A hearing on the bill last week became heated, with charges of gay bashing.
The driver’s license legislation also generated some verbal heat.
Delegate Herbert H. McMillan, R-Anne Arundel, proposed the bill banning the MVA from issuing driver’s licenses to undocumented aliens. Before the decisive vote, he acknowledged the bill faced staunch opposition from immigration advocates, representatives with large immigrant populations and House Speaker Michael E. Busch, D-Anne Arundel.
“I do know that the (House) Speaker has put pressure on several of the Democrats in the committee to vote against this measure,” McMillan said. “It doesn’t make sense to give an identity document to someone who is by definition undocumented.”
During the Feb. 18 committee hearing, McMillan and others linked the licensing of illegal foreigners to security threats, summoning memories of Sept. 11, 2001.

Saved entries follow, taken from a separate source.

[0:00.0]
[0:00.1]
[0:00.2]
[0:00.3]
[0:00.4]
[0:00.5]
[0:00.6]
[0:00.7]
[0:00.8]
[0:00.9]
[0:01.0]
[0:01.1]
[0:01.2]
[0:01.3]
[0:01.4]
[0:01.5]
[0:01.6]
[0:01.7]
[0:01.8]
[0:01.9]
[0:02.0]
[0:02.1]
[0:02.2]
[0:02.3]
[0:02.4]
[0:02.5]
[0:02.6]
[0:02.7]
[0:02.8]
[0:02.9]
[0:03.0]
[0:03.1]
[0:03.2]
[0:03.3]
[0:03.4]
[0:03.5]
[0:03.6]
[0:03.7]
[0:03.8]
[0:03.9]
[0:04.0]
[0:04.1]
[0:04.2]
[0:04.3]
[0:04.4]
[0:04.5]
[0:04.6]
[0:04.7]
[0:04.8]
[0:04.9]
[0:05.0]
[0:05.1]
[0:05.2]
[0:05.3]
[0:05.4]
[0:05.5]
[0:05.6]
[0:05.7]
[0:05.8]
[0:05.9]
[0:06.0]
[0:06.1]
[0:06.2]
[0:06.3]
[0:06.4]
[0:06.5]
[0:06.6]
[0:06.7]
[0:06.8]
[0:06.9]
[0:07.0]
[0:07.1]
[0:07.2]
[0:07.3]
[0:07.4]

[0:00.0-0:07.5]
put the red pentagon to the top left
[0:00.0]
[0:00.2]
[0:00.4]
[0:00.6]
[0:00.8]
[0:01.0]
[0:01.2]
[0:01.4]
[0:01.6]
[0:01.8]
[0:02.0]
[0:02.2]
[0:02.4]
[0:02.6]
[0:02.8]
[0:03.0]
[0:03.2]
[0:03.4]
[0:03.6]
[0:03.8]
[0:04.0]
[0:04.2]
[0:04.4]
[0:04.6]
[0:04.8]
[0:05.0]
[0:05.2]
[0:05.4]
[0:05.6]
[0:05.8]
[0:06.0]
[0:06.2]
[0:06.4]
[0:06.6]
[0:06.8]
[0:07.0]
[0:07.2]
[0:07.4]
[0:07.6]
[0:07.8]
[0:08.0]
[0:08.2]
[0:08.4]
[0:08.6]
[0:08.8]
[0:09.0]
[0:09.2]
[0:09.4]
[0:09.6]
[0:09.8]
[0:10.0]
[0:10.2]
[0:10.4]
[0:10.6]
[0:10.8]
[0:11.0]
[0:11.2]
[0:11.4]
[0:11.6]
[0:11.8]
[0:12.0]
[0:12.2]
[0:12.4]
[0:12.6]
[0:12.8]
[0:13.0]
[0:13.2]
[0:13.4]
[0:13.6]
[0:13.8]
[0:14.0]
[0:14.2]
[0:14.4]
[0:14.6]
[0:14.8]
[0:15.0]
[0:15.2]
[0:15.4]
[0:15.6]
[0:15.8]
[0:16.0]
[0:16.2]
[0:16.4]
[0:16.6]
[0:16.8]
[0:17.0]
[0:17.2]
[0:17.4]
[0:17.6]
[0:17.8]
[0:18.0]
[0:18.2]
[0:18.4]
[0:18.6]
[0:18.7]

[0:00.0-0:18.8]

Proponents cited terrorism and convicted Washington, D.C., sniper, Lee Boyd Malvo, an illegal alien, as examples of national security resulting from undocumented immigrants. But they were also quick to refute accusations of xenophobia or anti-immigrant sentiment.
Delegate Anthony Brown, D-Prince George’s, voted against the measure and said the tie between illegal aliens and terrorism assumes a worst-case scenario.
Brown, Judiciary vice chairman, said a true solution to the issue has to be found and urged his colleagues to strike a balance of immigrant licensing policies.
“I don’t feel unlawful presence is equivalent to a security threat,” he said.
McMillan said the bill rewards legal immigrants and that his measure would complement federal laws making unlawful residence in the country a crime.
The bill also came in the wake of a new Virginia law requiring all immigrant driver’s license applicants to prove lawful U.S. residence, as well as a controversial opinion by Attorney General J. Joseph Curran that allowed immigration-related documents to be used as identification for a license.
“Under Maryland Vehicle Law,” Curran also wrote, “a person’s inability to establish lawful presence in the United States is not a basis for denying that person a driver’s license.”
Delegate Ana Sol Gutierrez, D-Montgomery, was one of the licensing bill’s most vocal critics, calling it “anti-immigrant” and “anti-human.”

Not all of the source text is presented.